What you are asked to do —
Every entry is to be returned unchanged, and no picture is to be included.

Task inputs —
═══

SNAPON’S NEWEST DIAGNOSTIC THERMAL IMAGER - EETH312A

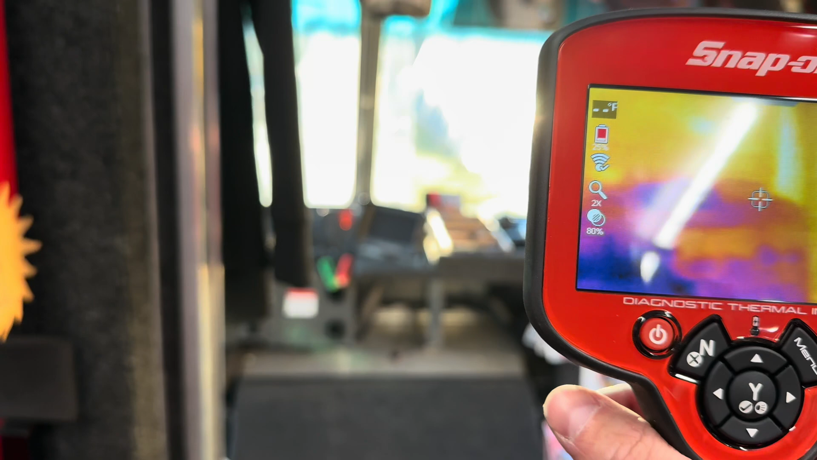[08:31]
around this time and again you'll see that calibration screen because we moved a little bit quicker let's take a picture
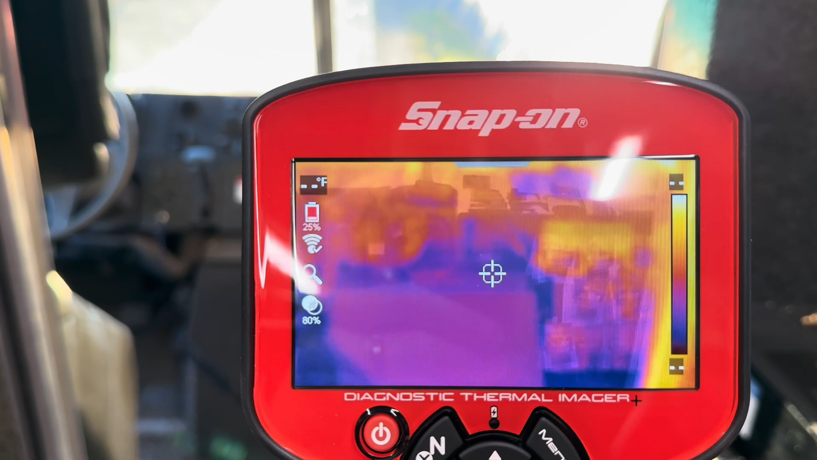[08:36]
of my front dash so that's now taking a picture it's ready to rock we're gonna turn this
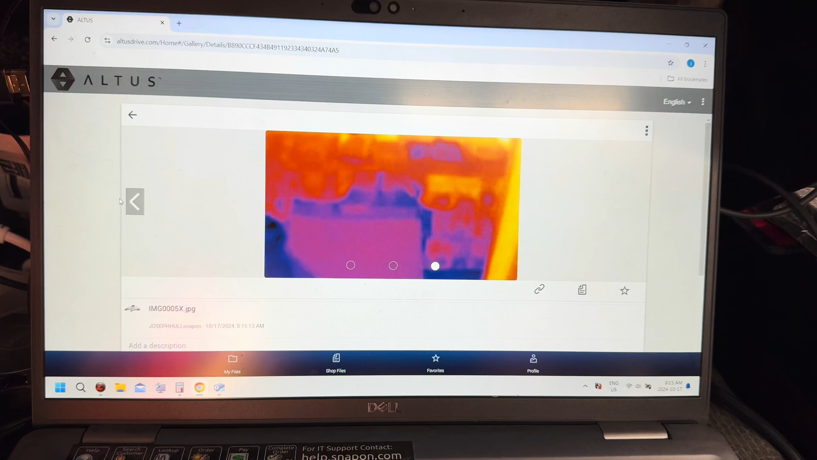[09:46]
you'll see them pop up this was that dash picture that i have just taken so
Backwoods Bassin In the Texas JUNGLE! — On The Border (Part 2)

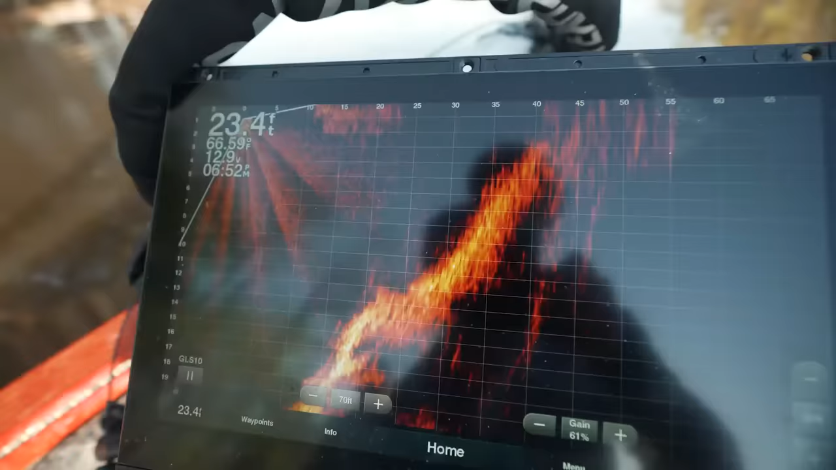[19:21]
On screen: depth 23.4 ft
just bomb it oh you got something you definitely got something

═══

Worked solution —
SNAPON’S NEWEST DIAGNOSTIC THERMAL IMAGER - EETH312A

[08:31]
around this time and again you'll see that calibration screen because we moved a little bit quicker let's take a picture
[08:36]
of my front dash so that's now taking a picture it's ready to rock we're gonna turn this
[09:46]
you'll see them pop up this was that dash picture that i have just taken so
Backwoods Bassin In the Texas JUNGLE! — On The Border (Part 2)

[19:21]
On screen: depth 23.4 ft
just bomb it oh you got something you definitely got something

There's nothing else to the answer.